* [EXERCISE INSTRUCTIONS]:
Among the lines below, copy exactly those from the one with "cover by kind: herbaceous plants 100 %" through the one with "longitude: 0.7747", counting both ends.

---------- SUPPLIED ENTRIES

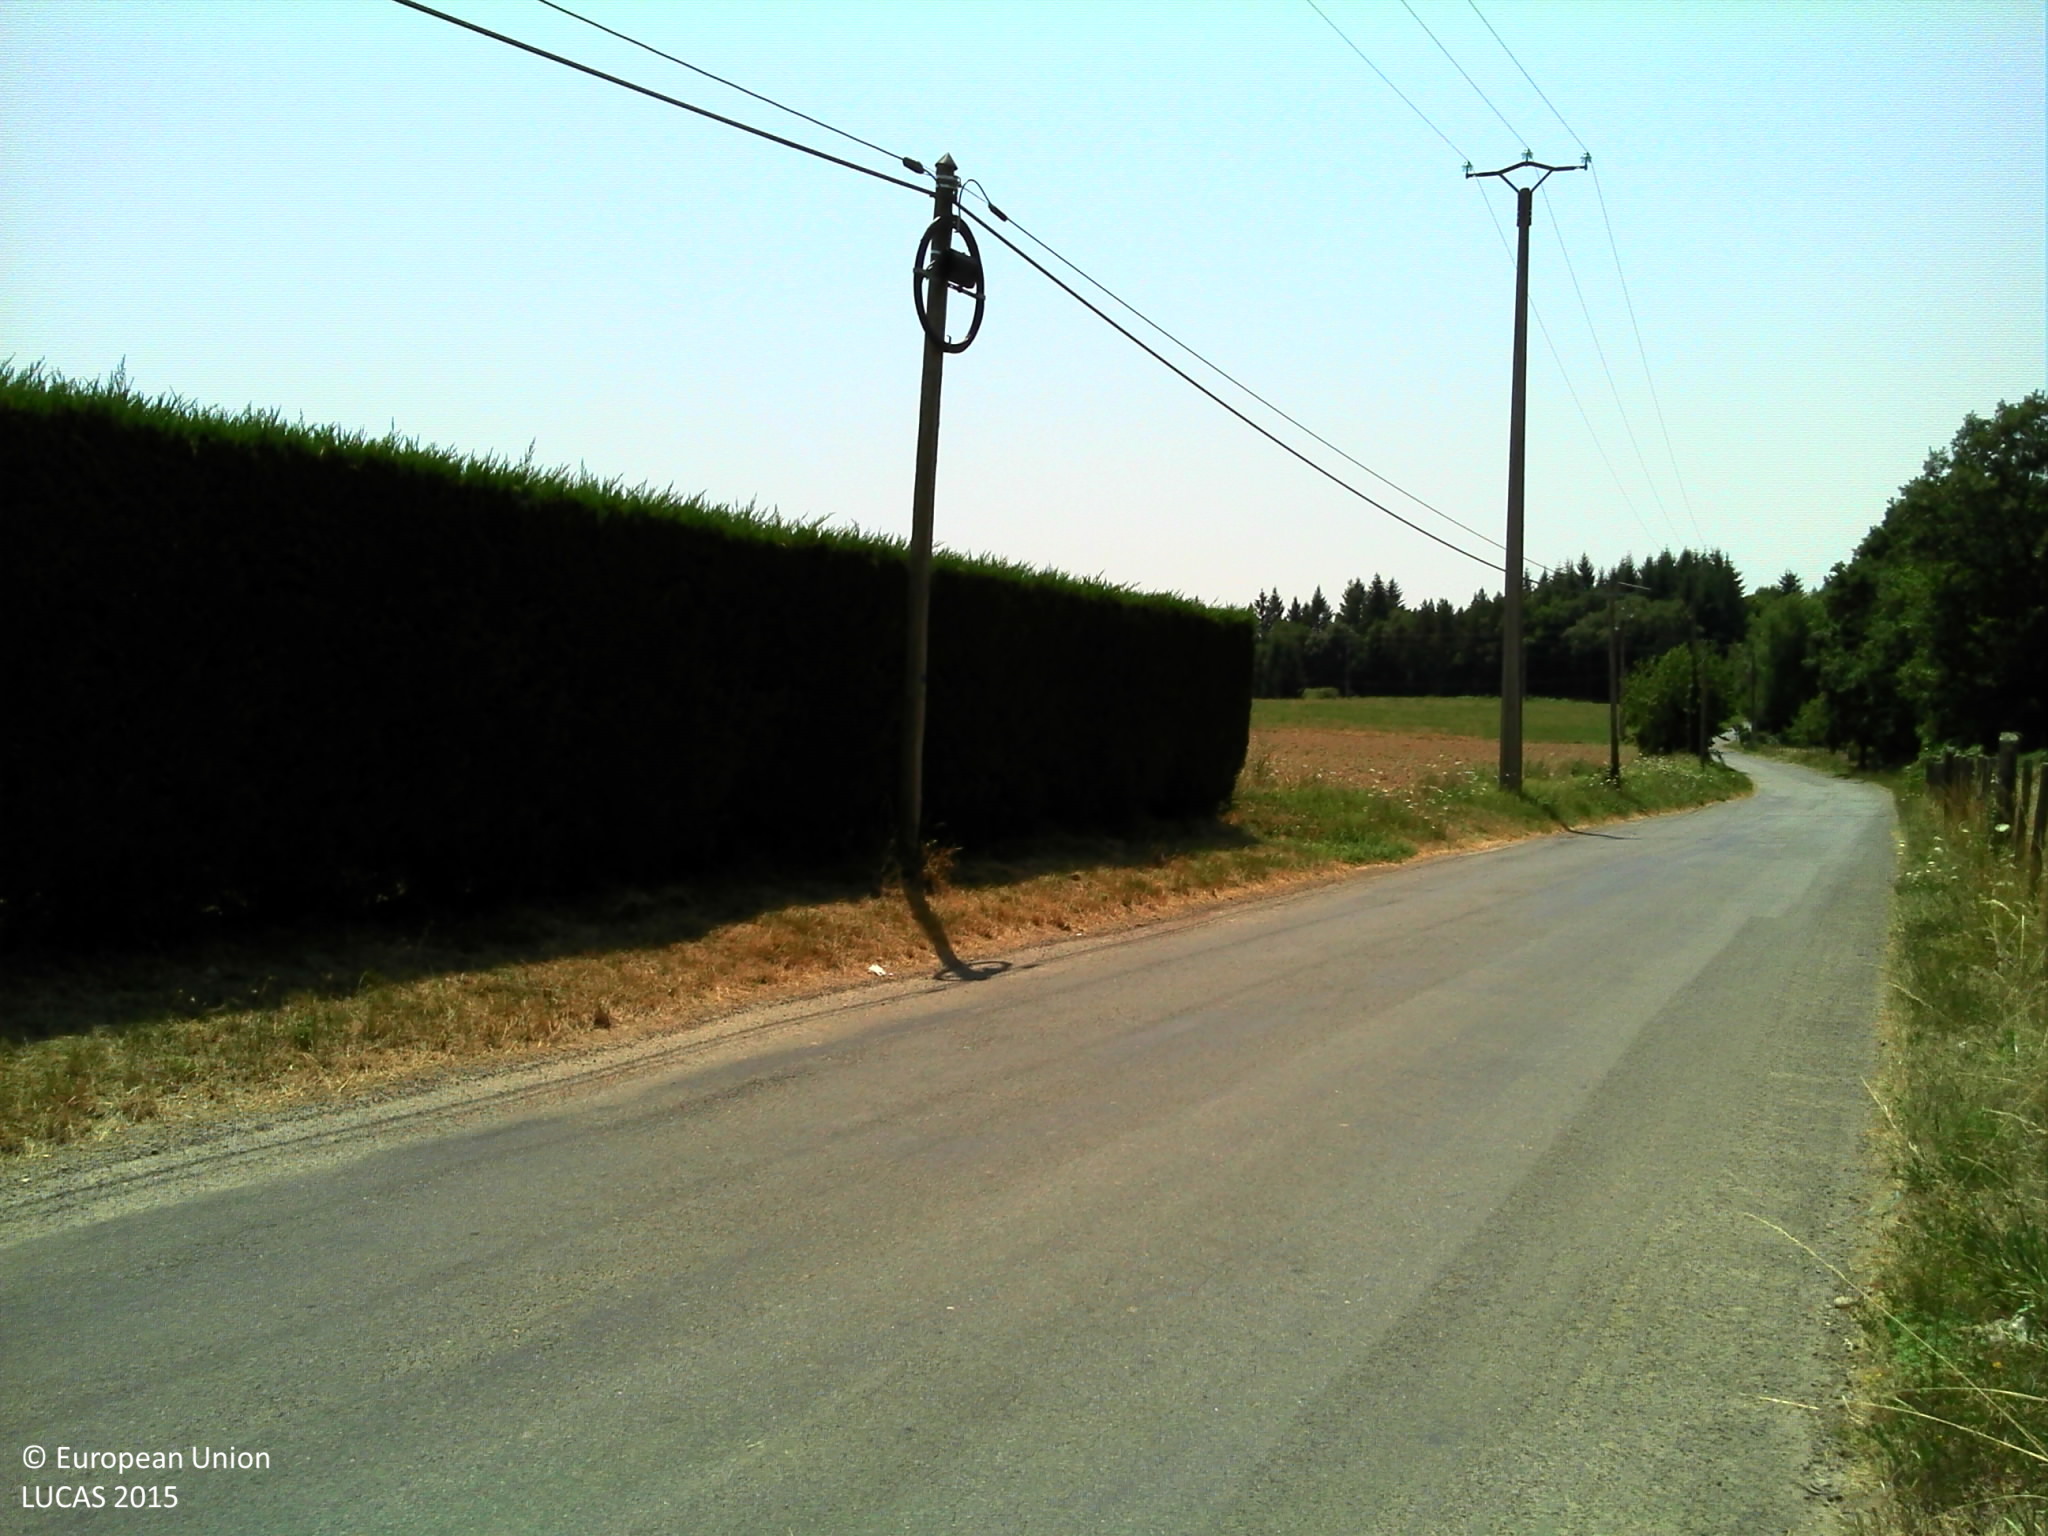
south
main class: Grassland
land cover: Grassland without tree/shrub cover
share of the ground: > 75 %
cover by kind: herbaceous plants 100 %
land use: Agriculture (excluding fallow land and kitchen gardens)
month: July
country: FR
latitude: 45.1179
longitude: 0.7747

--------------------
---------- SUPPLIED ENTRIES

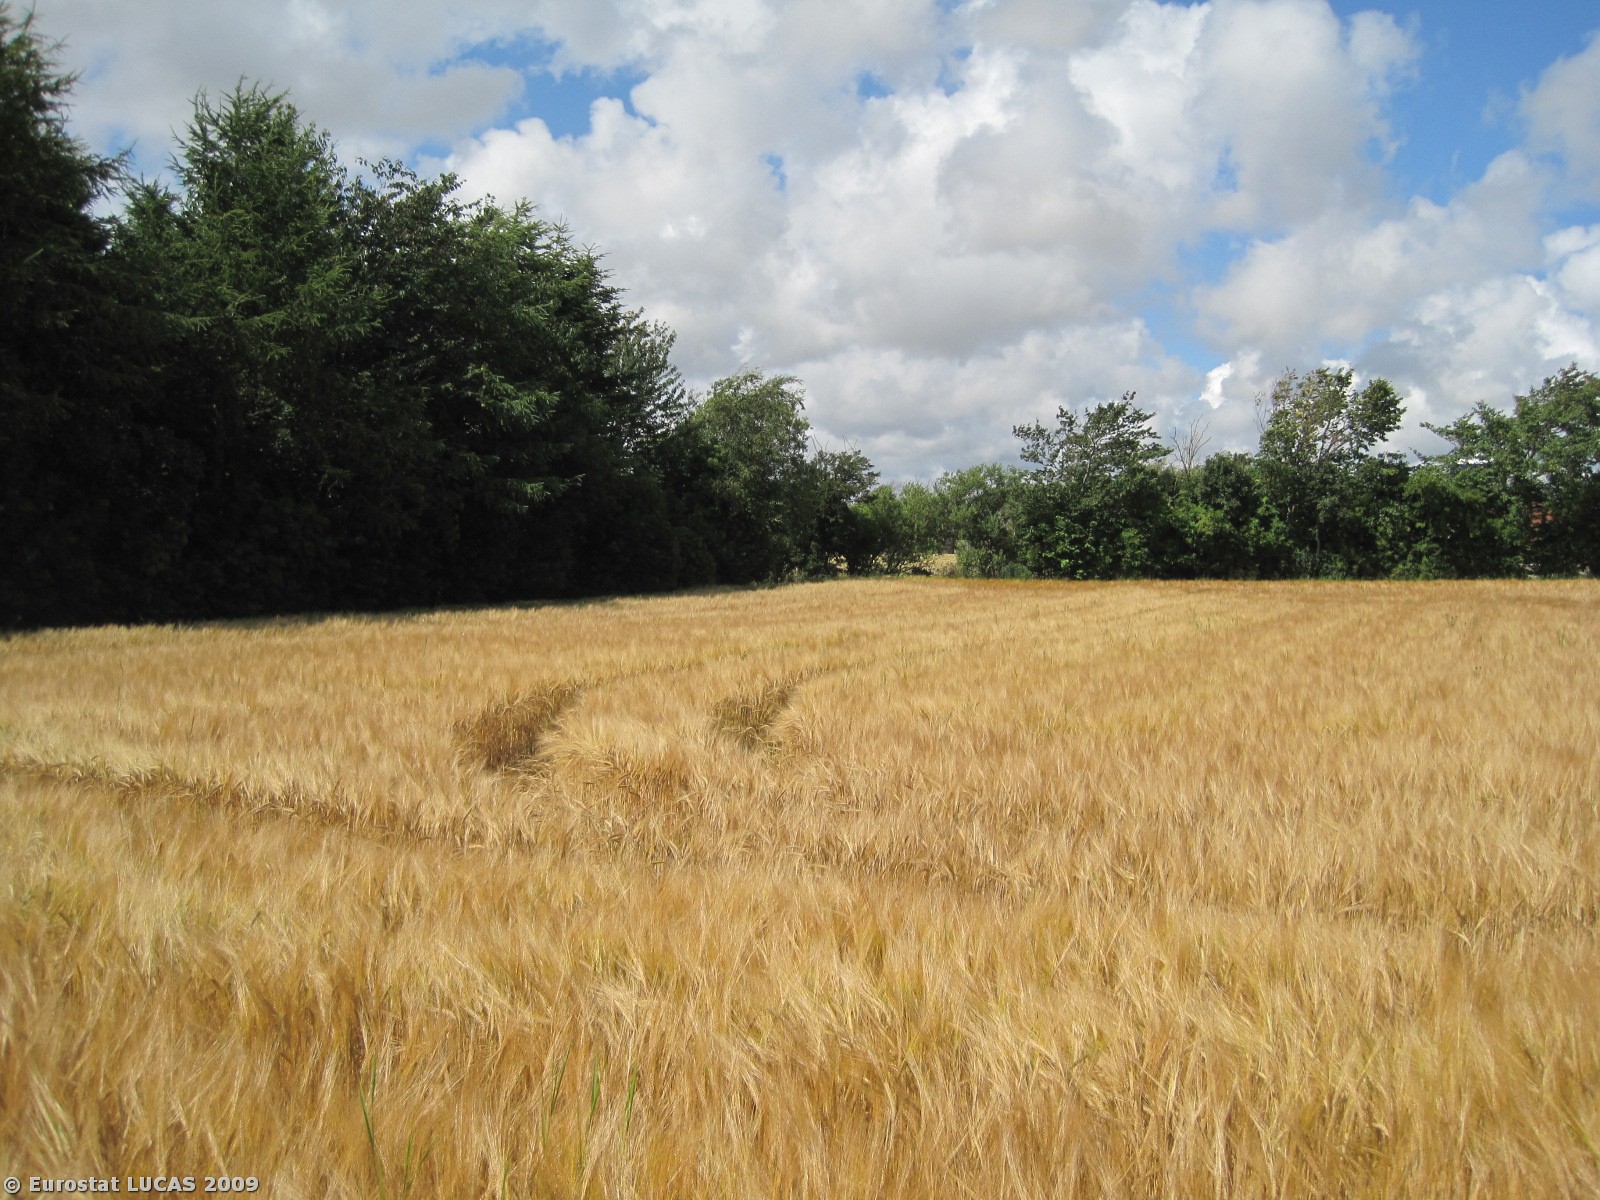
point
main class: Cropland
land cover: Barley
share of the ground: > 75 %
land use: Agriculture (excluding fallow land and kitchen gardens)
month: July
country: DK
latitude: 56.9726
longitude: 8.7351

--------------------

* [OUTPUT OF THE TASK]:
cover by kind: herbaceous plants 100 %
land use: Agriculture (excluding fallow land and kitchen gardens)
month: July
country: FR
latitude: 45.1179
longitude: 0.7747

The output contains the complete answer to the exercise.